L’HISTOIRE AU CÉGEP : UN BEAU PROJET, MAIS PARSEMÉE D’EMBUCHES

Mercredi, le ministre de l’Enseignement supérieur Pierre Deschênes a lancé un ballon d’essai en évoquant la possibilité d’imposer un cours d’histoire obligatoire au cégep.

Cela me plaît beaucoup, mais je dois déclarer mon conflit d’intérêts : depuis mon enfance, l’histoire me passionne. Je me souviens qu’en 4e année du primaire (oui, au primaire), on étudiait « les découvertes », puis en 5e  « la colonisation », après, je crois, « les explorations». J’ai lu en ces mêmes années beaucoup de romans historiques pour la jeunesse : Le petit page de Frontenac, Sous les plis du drapeau blanc, La Huronnie, Le trésor de l’Île-aux-Noix et quoi encore. J’ai conservé tous mes manuels d’histoire du secondaire et du collégial auxquels je me réfère encore. Et mon bureau est plein de livres d’histoire. Et J’ai passé ma journée de retraité à reconstituer la vie de mes ancêtres Claude Prou et Isabelle Robidas-Manseau de la Baie-du-Febvre.

Mais trêve d’ostentation!     

En soi, l’idée du ministre se défend fort bien. Je ne me lancerai pas dans la philosophie de l’histoire. Convenons sans plus que l’étude du passé est essentielle à la compréhension du monde présent. Le « présentisme » est une idéologie ratatinée. La culture, au surplus, se nourrit largement de l’histoire. On fait même aux enseignantes et aux enseignants un devoir de compétence d’être les « interprètes critiques » de leur discipline, ce qui suppose qu’ils en connaissent quelque peu l’origine.

Dans les collèges classiques, l’enseignement de l’histoire était au programme pendant six ans, c.-à-d. jusqu’au terme du cégep actuel. Le rapport Parent a recommandé de supprimer le latin et le grec pour élargir la culture à d’autres dimensions que les humanités classiqus, mais il a aussi évacué du collégial  l’histoire  des matières obligatoires. On n’a conservé que le français, la philosophie et l’éducation physique. Il y a une dizaine d’années, Claude Ryan y a fait ajouter l’anglais, langue seconde. Peut-être, a-t-on eu raison, mais cela m’étonnerait. Mais il faudrait voir et voir ailleurs. Le MELS devrait à cet égard commander  une bonne enquête sur les pratiques au Canada et dans le monde en matière d’enseignement de l’histoire au niveau collégial.

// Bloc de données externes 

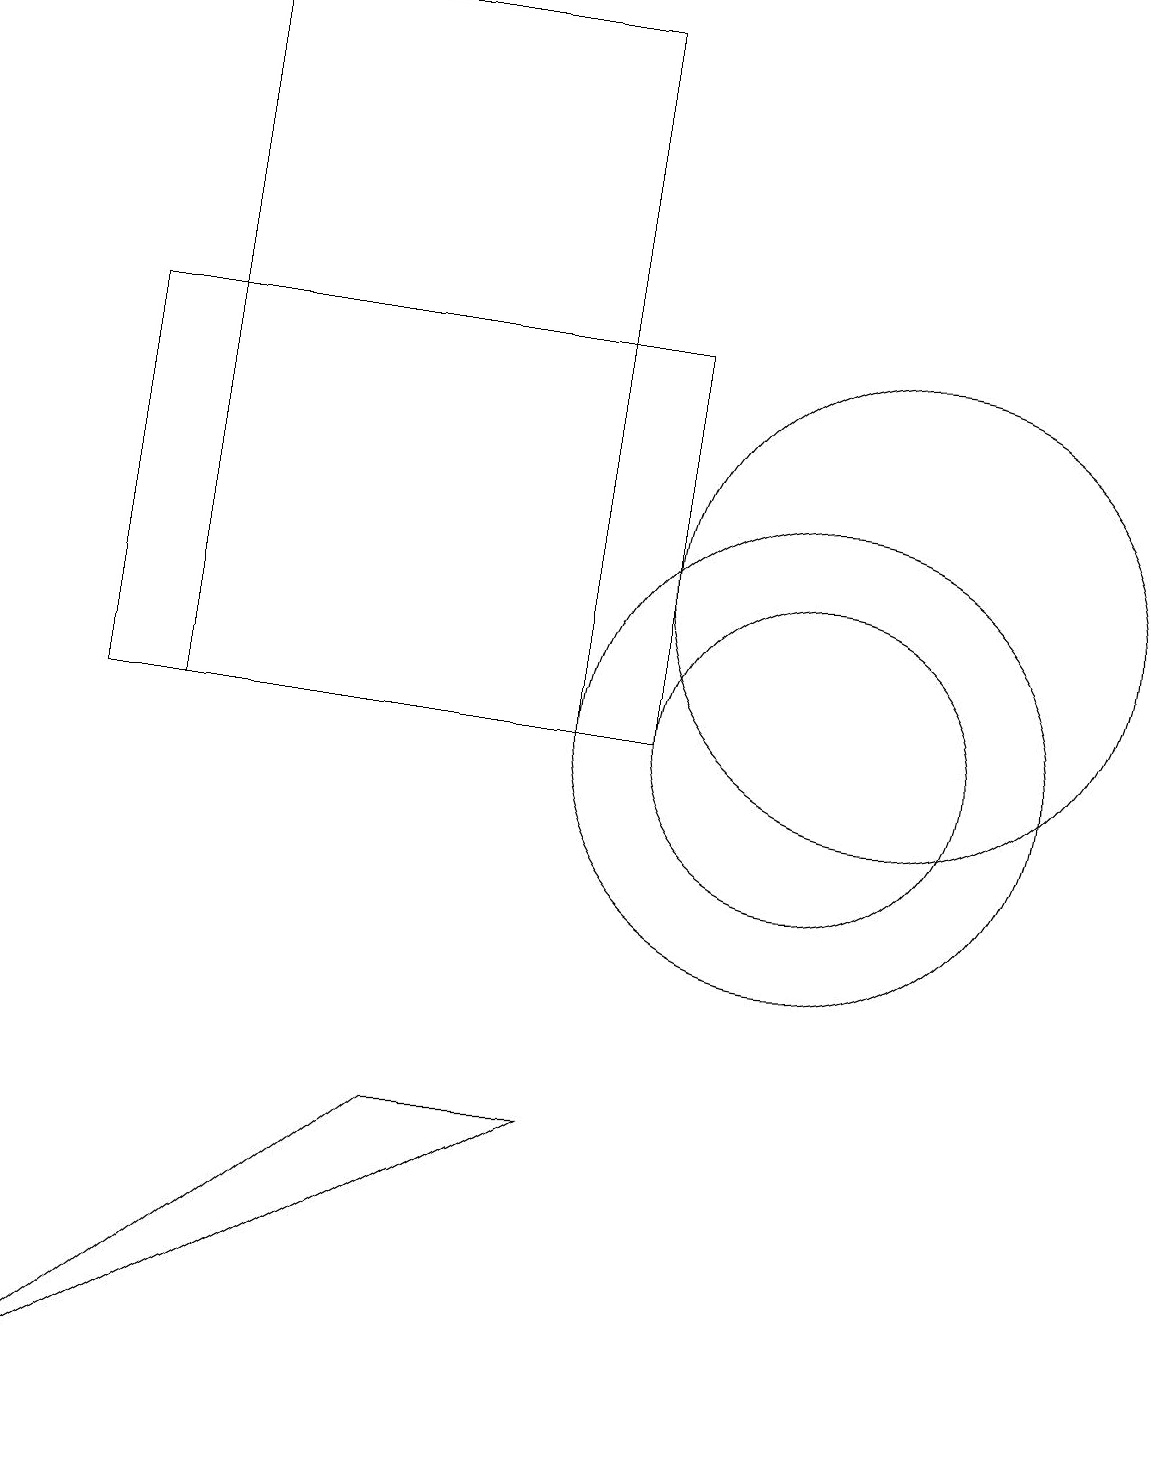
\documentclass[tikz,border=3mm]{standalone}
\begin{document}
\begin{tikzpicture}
\draw (10,10) circle (3);
\draw (7,19) rectangle (2,10);
\draw (11,12) circle (3);
\draw (10,10) circle (2);
\draw (8,10) rectangle (1,15);
\draw (7,5) -- (5,5) -- (0,1) -- cycle;
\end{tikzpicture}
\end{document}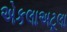
એકલાઅટૂલા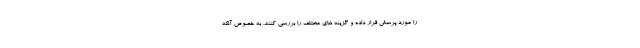
را مورد پرسش قرار داده و گزینه های مختلف را بررسی کنند. به خصوص آنکه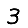
Digit: 3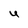
Character: U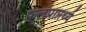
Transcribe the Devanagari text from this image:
फलप्राप्तर्थ्य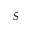
S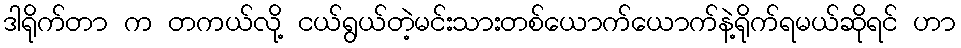
ဒါရိုက်တာ က တကယ်လို့ ငယ်ရွယ်တဲ့မင်းသားတစ်ယောက်ယောက်နဲ့ရိုက်ရမယ်ဆိုရင် ဟာ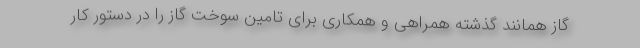
گاز همانند گذشته همراهی و همکاری برای تامین سوخت گاز را در دستور کار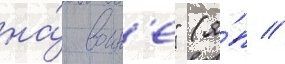
на́ воин'е" (я́п //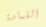
القمامة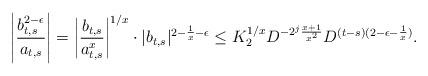
LaTeX: \begin{align*}\left|\frac{b_{t,s}^{2-\epsilon}}{a_{t,s}}\right|=\left|\frac{b_{t,s}}{a_{t,s}^x} \right|^{1/x} \cdot |b_{t,s}|^{2-\frac{1}{x}-\epsilon}\leq K_2^{1/x} D^{-2^j\frac{x+1}{x^2}} D^{(t-s)(2-\epsilon-\frac{1}{x})}.\end{align*}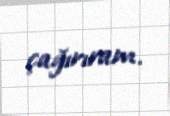
çağırıram.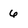
Character: 6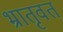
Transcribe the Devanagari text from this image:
भ्रातृवत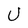
Character: U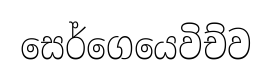
සෙර්ගෙයෙවිච්ව

Cela dit, il faut voir ce que signifierait en pratique.

Premièrement, il faudrait « tasser » d’autres disciplines pour faire place au cours d’histoire. Mais lesquels? Ce genre d’opération n’est jamais facile, car elle signifie pour les « tassés » des diminutions de tâches, voire des pertes d’emplois.  On a vu le désarroi des philosophes quand on a réduit le nombre de cours obligatoire de quatre à deux. Pour d’autres, les étudiants universitaires en histoire en particulier, elle ouvrirait des perspectives inattendues et bienvenues.

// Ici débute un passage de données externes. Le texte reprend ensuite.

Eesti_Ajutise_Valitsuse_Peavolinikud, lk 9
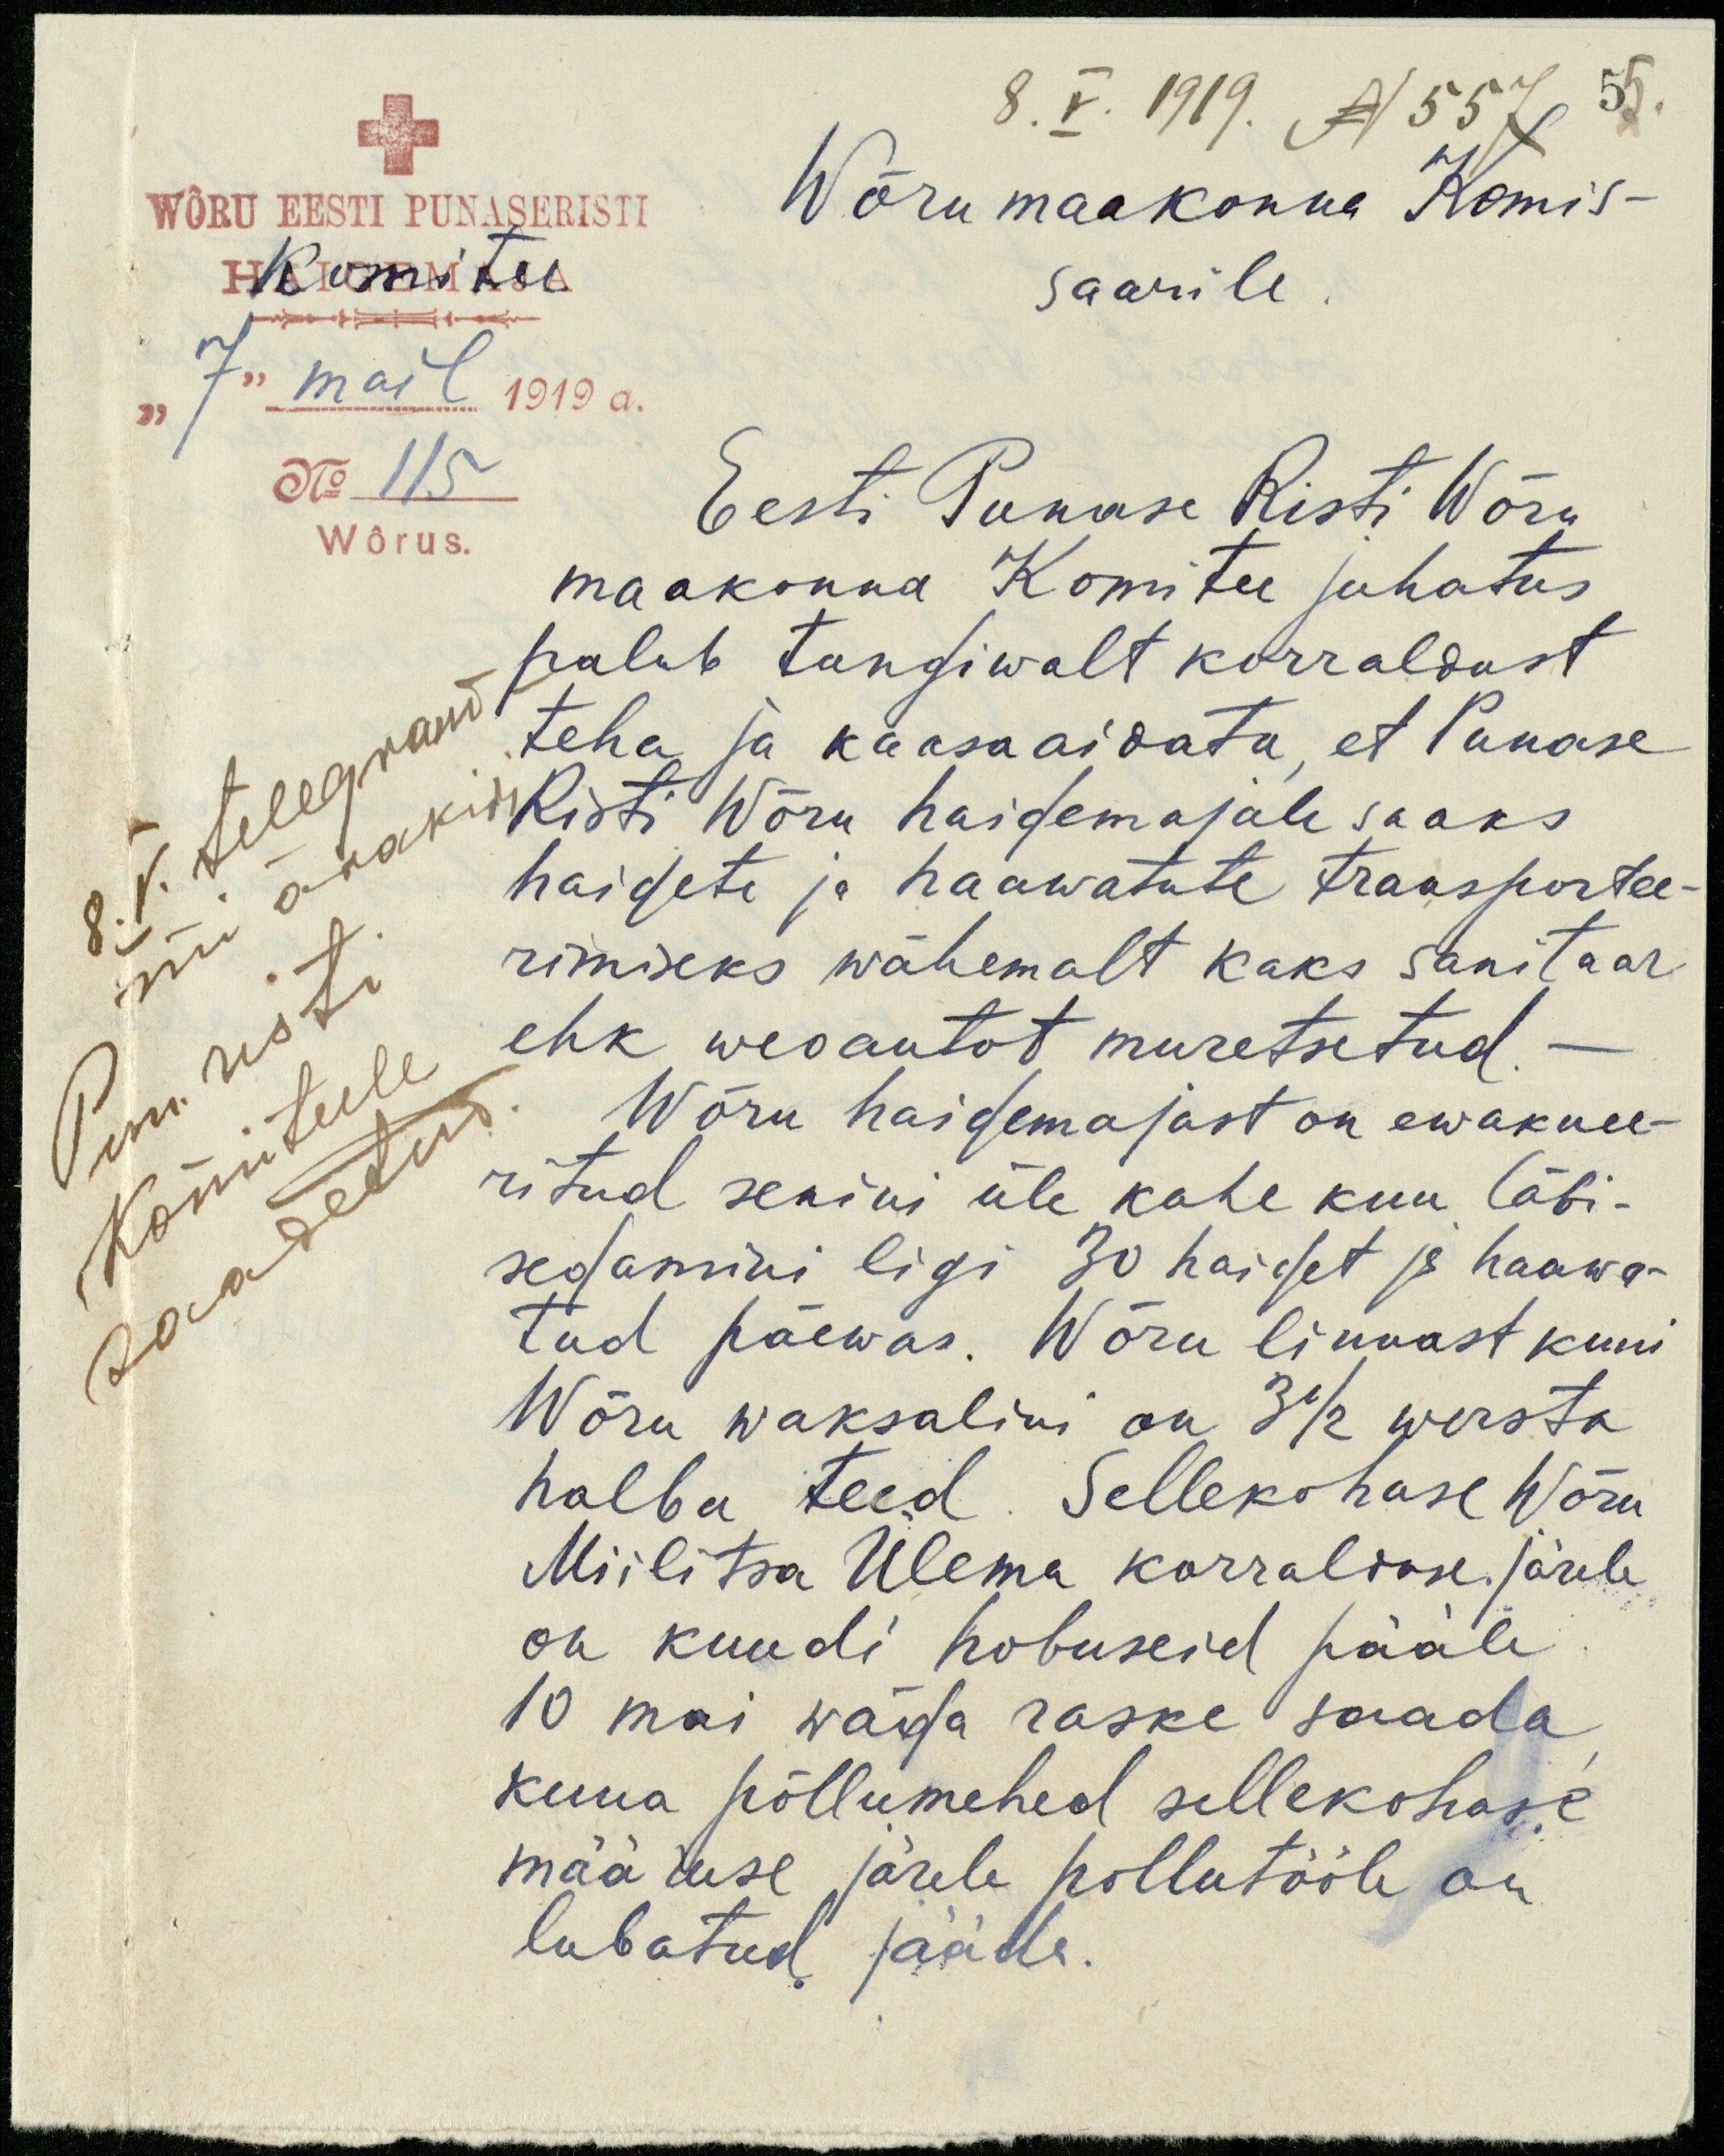
8. V. 1919. N 557 55.
WÕRU EESTI PUNASERISTI
Wõru maakonna Komis-
Komitee
saarile.
"7" mail 1919 a.
No 115
Eesti Punase Risti Wõru
Wõrus.
maakonna Komitee juhatus
palub tungiwalt korraldust
teha ja kaasa aidata, et Punase
Risti Wõru haigemajale saaks
8.V. telegram
haigete ja haawatute traasportee-
mi ärakiri
rimiseks wähemalt kaks sanitaar
ehk weoautot muretsetud
Pun. risti
Komiteele
saadetud
Wõru haigemajast on ewakuee-
ritud senini üle kahe kuu läbi-
segamini ligi 30 haiget ja haawa-
tud päewas. Wõru linnast kuni
Wõru waksalini on 3 1/2 wersta
halba teed. Sellekohase Wõru
Miilitsa Ülema korralduse järele
on kuudi hobuseid pääle
10 mai wäga raske saada
kuna põllumehed sellekohase
määruse järele põllutööle on
lubatud jääda.

Deuxièmement, si le projet du ministre venait à aboutir, il faudrait repenser de fond en comble le curriculum en histoire à partir du secondaire (voire du primaire). On ne saurait proposer aux étudiants un cursus qui les obligerait à revoir au cégep ce qu’ils ont appris au secondaire. Mais l’opération ne sera pas facile. On le constate déjà avec le débat sans fin sur le programme du secondaire dont l’un des enjeux est proprement pédagogique : la séquence des cours.  Comment articulera-t-on les choses quand il faudra à la fois prendre en compte le fait:

  • que l’école secondaire est terminale pour un certain nombre d’élèves;
  • que l’école secondaire et le collège relèvent d’autorités différentes y compris maintenant au niveau ministériel?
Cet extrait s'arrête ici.